Task prompt
Each entry is to be retyped exactly as it appears. Leave the images out.
====
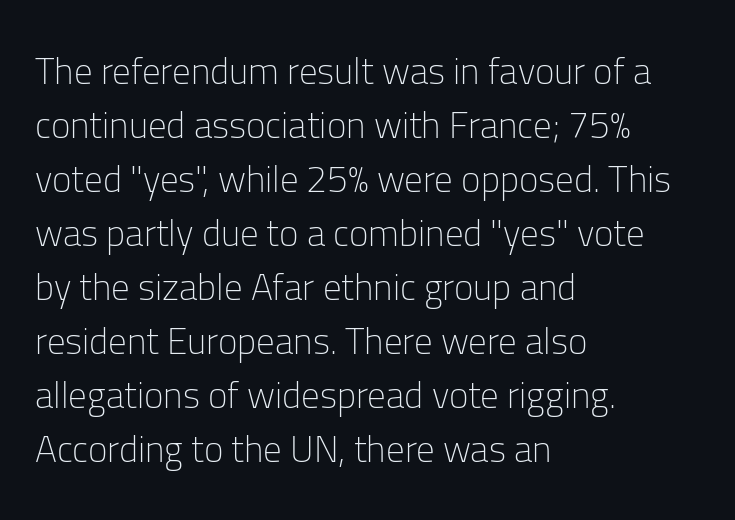
The image shows 37 px light sans-serif type, upright; set left-aligned, normal line spacing (1.46x), normal letter spacing, not underlined; low stroke contrast and a medium x-height.
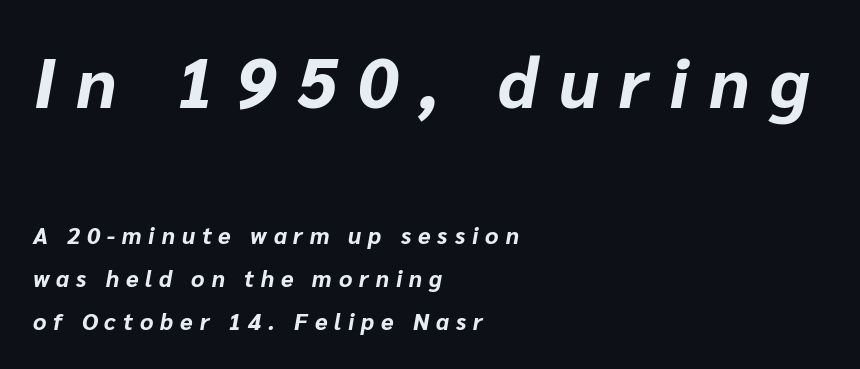
Does the lettering tilt? It does — this is italic. Underlining? Definitely not there. Type size steps down from the first block to the second. A classic flush-left, rag-right setting is used for this passage.
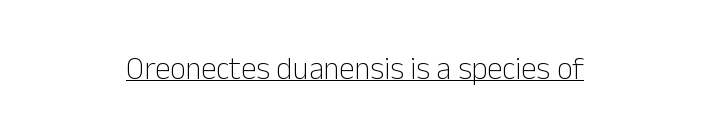
The image shows 31 px light sans-serif type, upright; set centered, normal letter spacing, underlined; low stroke contrast and a medium x-height.
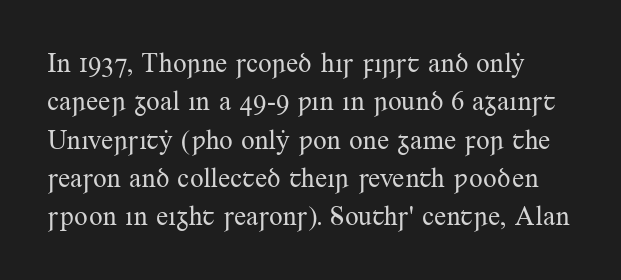
Q: Is the text bold? A: No.
Q: Is the text italic (slanted)? A: No, it is upright.
Q: Is the text underlined? A: No.
Q: Is the spacing between letters normal or unusually wide? A: Normal.
Q: Is the spacing between lines tight, normal or loose? A: Normal.
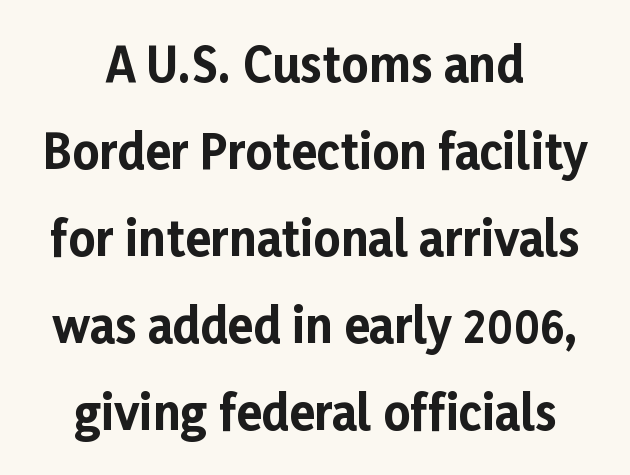
Q: Is the text bold? A: Yes.
Q: Is the text italic (slanted)? A: No, it is upright.
Q: Is the typeface a serif or a sans-serif typeface? A: Sans-serif.
Q: Is the text underlined? A: No.
Q: How is the paragraph aligned? A: Centered.
Q: Is the spacing between letters normal or unusually wide? A: Normal.
Q: Width (condensed, normal, or wide)? A: Normal.
Q: Stroke contrast? A: Low.
Q: x-height? A: Medium.
Q: Monospaced? A: No.
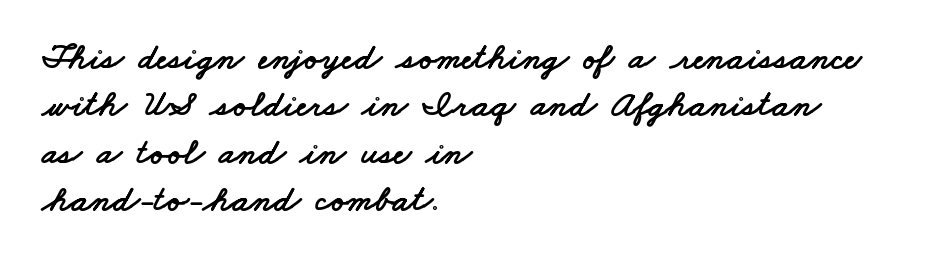
This rendering features lettering with no underline. The line texture is even and compact thanks to regular tracking. Looks like regular typesetting: each glyph gets only the width it needs. A typesetter would label this face a sans.
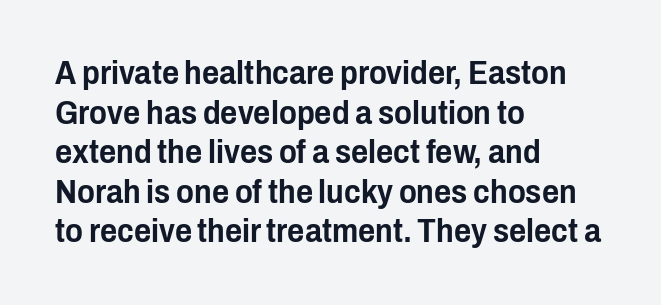
The image shows 33 px condensed sans-serif type, upright; set left-aligned, line spacing 1.2x, normal letter spacing, not underlined; low stroke contrast and a medium x-height.
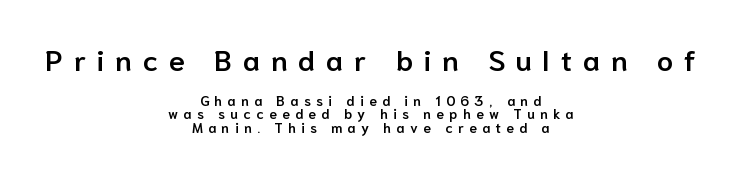
Q: Is the text bold? A: Semi-bold.
Q: Is the text italic (slanted)? A: No, it is upright.
Q: Is the typeface a serif or a sans-serif typeface? A: Sans-serif.
Q: Is the text underlined? A: No.
Q: How is the paragraph aligned? A: Centered.
Q: Is the spacing between letters normal or unusually wide? A: Unusually wide.
Q: Is the spacing between lines tight, normal or loose? A: Tight.
Q: Which block of text is set in a larger size, the first (top) or the second (bottom)? A: The first (top) one.
Q: Width (condensed, normal, or wide)? A: Normal.
Q: Stroke contrast? A: Low.
Q: x-height? A: Medium.
Q: Monospaced? A: No.
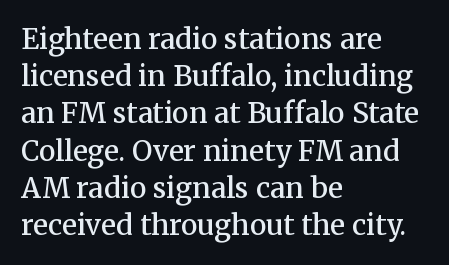
Observe the ordinary spacing: letters are neighbours, not strangers. A typesetter would label this face a serif. A roman cut, with each character standing at attention. The font is running at a semibold setting, under full bold. The typesetter chose a ragged-right arrangement here.
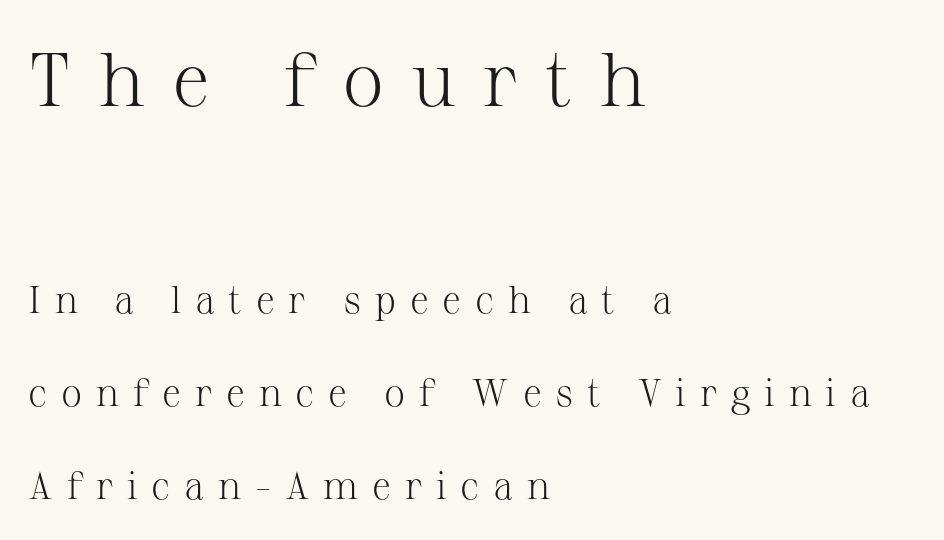
Q: Is the text bold? A: No.
Q: Is the text italic (slanted)? A: No, it is upright.
Q: Is the typeface a serif or a sans-serif typeface? A: Serif.
Q: Is the text underlined? A: No.
Q: How is the paragraph aligned? A: Left-aligned.
Q: Is the spacing between letters normal or unusually wide? A: Unusually wide.
Q: Is the spacing between lines tight, normal or loose? A: Loose.
Q: Which block of text is set in a larger size, the first (top) or the second (bottom)? A: The first (top) one.
Q: Width (condensed, normal, or wide)? A: Normal.
Q: Stroke contrast? A: Medium.
Q: x-height? A: Medium.
Q: Monospaced? A: No.
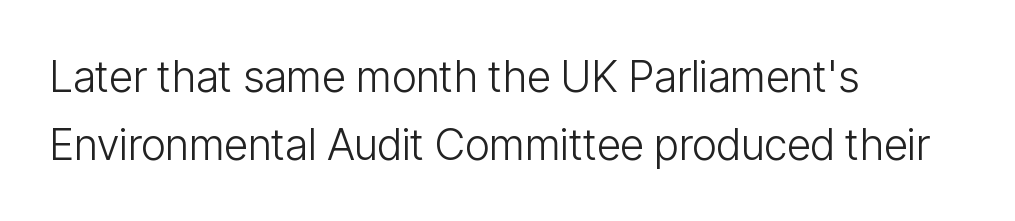
{"serif": "no", "italic": "no", "bold": "no", "weight": "light", "width": "condensed", "stroke_contrast": "low", "x_height": "medium", "monospaced": "no", "underline": "no", "align": "left", "line_spacing": "normal", "line_spacing_ratio": 1.58, "letter_spacing": "normal", "letter_spacing_em": 0.0, "glyph_px": 43}
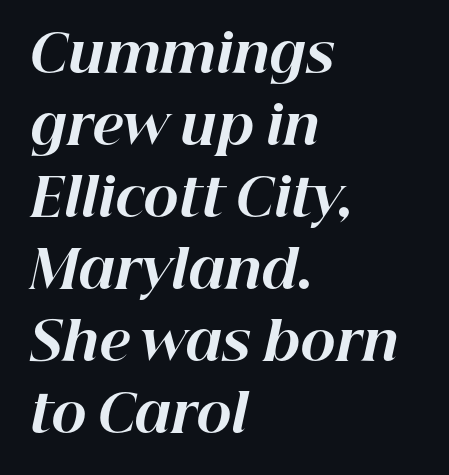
====
Answer to this task
The image shows 37 px light sans-serif type, upright; set left-aligned, normal line spacing (1.46x), normal letter spacing, not underlined; low stroke contrast and a medium x-height.
Does the lettering tilt? It does — this is italic. Underlining? Definitely not there. Type size steps down from the first block to the second. A classic flush-left, rag-right setting is used for this passage.
The image shows 31 px light sans-serif type, upright; set centered, normal letter spacing, underlined; low stroke contrast and a medium x-height.
Q: Is the text bold? A: No.
Q: Is the text italic (slanted)? A: No, it is upright.
Q: Is the text underlined? A: No.
Q: Is the spacing between letters normal or unusually wide? A: Normal.
Q: Is the spacing between lines tight, normal or loose? A: Normal.
Q: Is the text bold? A: Yes.
Q: Is the text italic (slanted)? A: No, it is upright.
Q: Is the typeface a serif or a sans-serif typeface? A: Sans-serif.
Q: Is the text underlined? A: No.
Q: How is the paragraph aligned? A: Centered.
Q: Is the spacing between letters normal or unusually wide? A: Normal.
Q: Width (condensed, normal, or wide)? A: Normal.
Q: Stroke contrast? A: Low.
Q: x-height? A: Medium.
Q: Monospaced? A: No.
This rendering features lettering with no underline. The line texture is even and compact thanks to regular tracking. Looks like regular typesetting: each glyph gets only the width it needs. A typesetter would label this face a sans.
The image shows 33 px condensed sans-serif type, upright; set left-aligned, line spacing 1.2x, normal letter spacing, not underlined; low stroke contrast and a medium x-height.
Q: Is the text bold? A: Semi-bold.
Q: Is the text italic (slanted)? A: No, it is upright.
Q: Is the typeface a serif or a sans-serif typeface? A: Sans-serif.
Q: Is the text underlined? A: No.
Q: How is the paragraph aligned? A: Centered.
Q: Is the spacing between letters normal or unusually wide? A: Unusually wide.
Q: Is the spacing between lines tight, normal or loose? A: Tight.
Q: Which block of text is set in a larger size, the first (top) or the second (bottom)? A: The first (top) one.
Q: Width (condensed, normal, or wide)? A: Normal.
Q: Stroke contrast? A: Low.
Q: x-height? A: Medium.
Q: Monospaced? A: No.
Observe the ordinary spacing: letters are neighbours, not strangers. A typesetter would label this face a serif. A roman cut, with each character standing at attention. The font is running at a semibold setting, under full bold. The typesetter chose a ragged-right arrangement here.
Q: Is the text bold? A: No.
Q: Is the text italic (slanted)? A: No, it is upright.
Q: Is the typeface a serif or a sans-serif typeface? A: Serif.
Q: Is the text underlined? A: No.
Q: How is the paragraph aligned? A: Left-aligned.
Q: Is the spacing between letters normal or unusually wide? A: Unusually wide.
Q: Is the spacing between lines tight, normal or loose? A: Loose.
Q: Which block of text is set in a larger size, the first (top) or the second (bottom)? A: The first (top) one.
Q: Width (condensed, normal, or wide)? A: Normal.
Q: Stroke contrast? A: Medium.
Q: x-height? A: Medium.
Q: Monospaced? A: No.
{"serif": "no", "italic": "no", "bold": "no", "weight": "light", "width": "condensed", "stroke_contrast": "low", "x_height": "medium", "monospaced": "no", "underline": "no", "align": "left", "line_spacing": "normal", "line_spacing_ratio": 1.58, "letter_spacing": "normal", "letter_spacing_em": 0.0, "glyph_px": 43}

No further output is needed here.